普段はお店で働いて、仕事が入ると休んで現場に行くわけです。純粋にAVの仕事だけやっている子って、あんまりいないんですよね。でもそういう意味じゃ、僕も兼業ライターだなぁ(笑)。閑話休題。
 その23歳のキャバクラ嬢は言うわけです。「お客とは絶対に寝ない」と。
「お客さんとエッチするなんて、考えられないですよ。太もも触られるだけでも、すごく頭に来ますもん。たまにお店でもお客と寝ちゃう子とかいるけど、軽蔑しますよ」
 でも、その子は、こうして仕事で僕とセックスしてたわけです。セックスしながら撮影までされてたわけです。キャバクラでは太ももすら触らせないのに。
「だって、キャバクラでは触らせるのは仕事じゃないもん」
 うーむ。それがキャバクラ嬢のプライド。かっこいいですよね。確かにキャバクラ嬢は触らせるのが仕事じゃない。そして、その同じ子がAVの仕事では、本番はもちろん乱交だの野外プレイだのまでやっちゃう。それはAVモデルの仕事だから。
 なーんか、その辺が男の僕には解せなかったりするんです。それほどキャバクラ嬢のプライドにこだわる子が、なんでAVの仕事ができちゃうんだろう、と。
 キャバクラとイメクラを掛け持ちしてる子もいました。昼間はイメクラで働き、夜はキャバクラで働いているんです。アイドル系の愛くるしい美形ちゃんなので、当然キャバクラでも人気があるようです。彼女を口説くために、たくさんの男がお店でお金を使い、同伴やアフターでご馳走し、プレゼントを贈っているのです。
 キャバクラに通う男の目的といえば、結局のところ、キャバクラ嬢とセックスしたいということに尽きます。デートをして、何とか最後まで行きたい。つまり、彼女とセックスするために何十万、何百万と費やしている男たちがいるのです。
 しかし、イメクラに行けば、わずか1万円強で彼女と(本番はないとしても)性行為ができてしまうのです。いや、別に彼女がキャバクラの客に「昼間はこっちのお店にいるから、来てね」なんて営業かけてるわけじゃないから、よっぽどの偶然がない限り、イメクラにいる彼女を知ることはないんですが、同じ商品が、あっちとこっちでは値段が違いすぎるんじゃないか、と。なーんかね、男としては、というか一消費者としては納得いかないんですよ(笑)。
 その子もやっぱりキャバクラでは、絶対にカラダに触らせないというんです。
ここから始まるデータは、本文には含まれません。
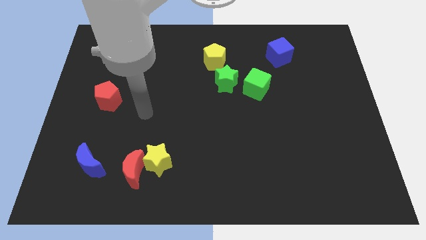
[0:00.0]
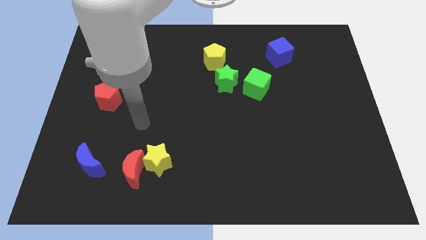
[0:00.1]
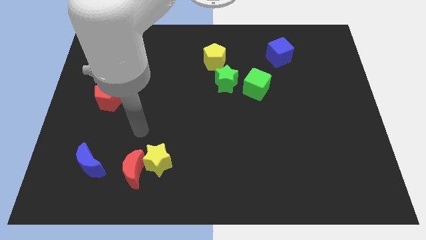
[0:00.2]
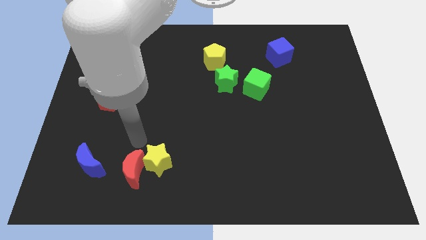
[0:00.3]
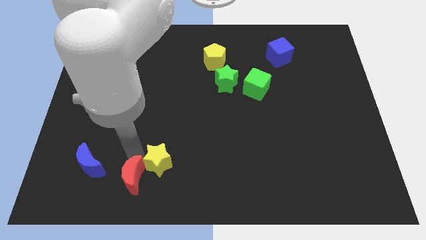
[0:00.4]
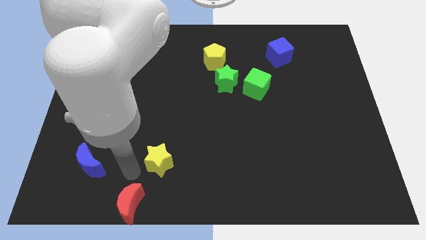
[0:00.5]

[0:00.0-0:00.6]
separate the yellow star from the red moon

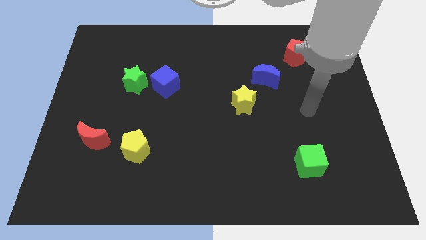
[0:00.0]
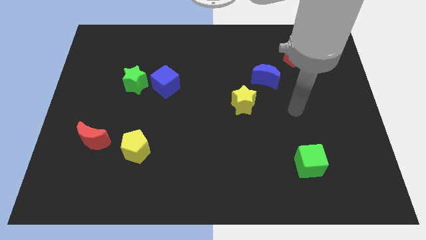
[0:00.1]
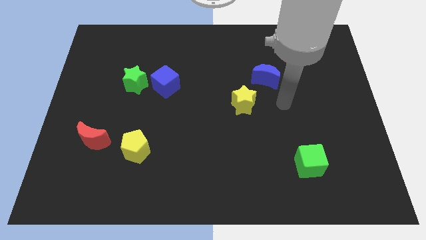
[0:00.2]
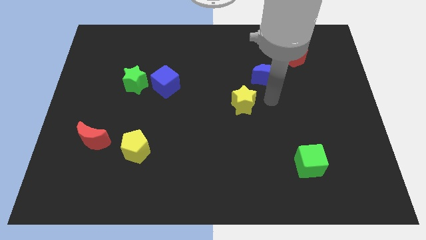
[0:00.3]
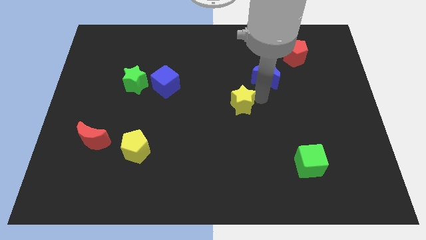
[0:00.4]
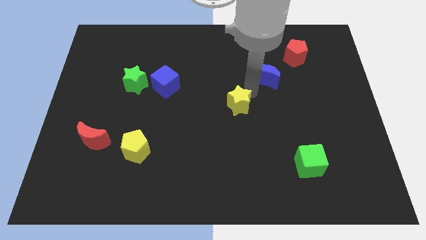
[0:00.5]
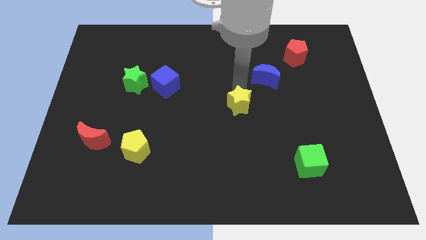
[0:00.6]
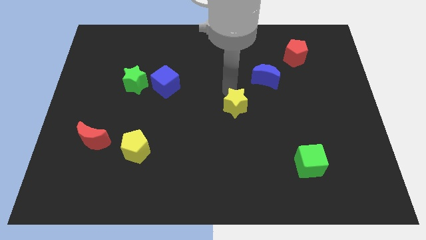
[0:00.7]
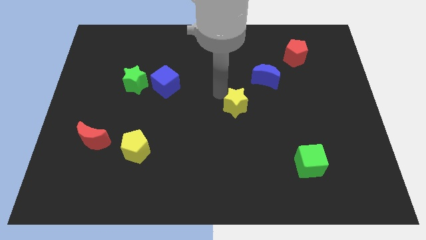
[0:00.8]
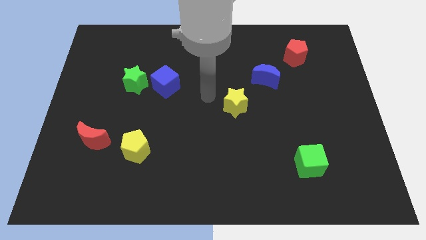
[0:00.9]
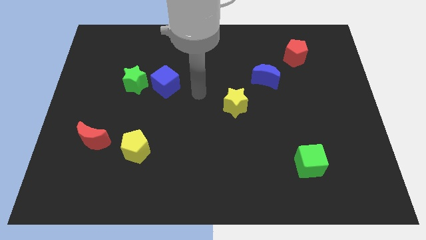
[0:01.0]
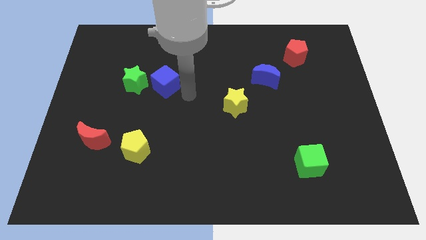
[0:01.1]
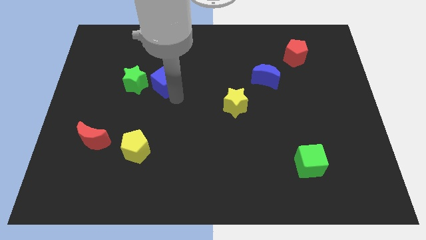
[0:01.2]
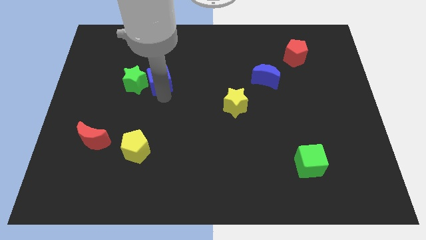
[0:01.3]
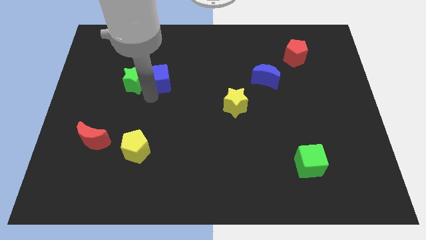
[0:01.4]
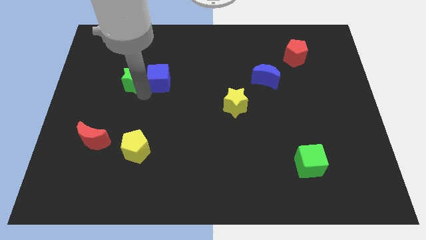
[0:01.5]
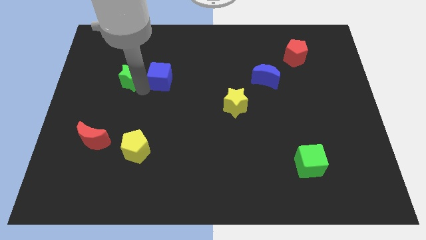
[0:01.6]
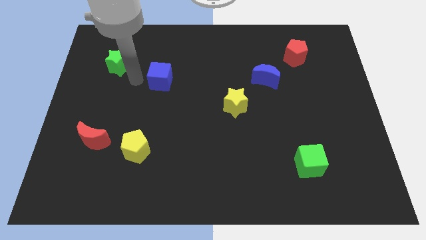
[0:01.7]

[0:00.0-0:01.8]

昼間はどんな客に対しても、シックスナインや素股のサービスをしているのに。しかも1万円強の料金で。
「だって、キャバクラはキャバクラ、イメクラはイメクラだもん」
 そうなんだよね、そうなんだけどさ…(笑)。
 AVや風俗の子でも、セックスに対する意識が、やたらにマジメな子がいます。この仕事を始めるまで、ちゃんとつきあった彼氏としかセックスはしたことがないという子が結構いるんですね。ナンパされて、その日に初めて会ったような男の人とセックスするなんて、考えられない、なんてことを言うんです。
 で、そういう子が、初対面の人と性行為をする風俗やAVの仕事が出来ちゃう。男の僕にしてみれば、不思議でしょうがないわけですよ。
「仕事だって割り切ると、平気なんですよ」
 彼女たちは口を揃えて、そう言います。一度割り切っちゃうと、女の子ってすごいんだよなぁ。
 その辺の考えって、どーも女の子の方がしっかりしてますよね。男の方が「仕事」に対する考えは、グズグズかも。僕なんかでも、ライターの仕事なのに「ここ、ちょっとなんなんでしょうねぇ、こういうのって。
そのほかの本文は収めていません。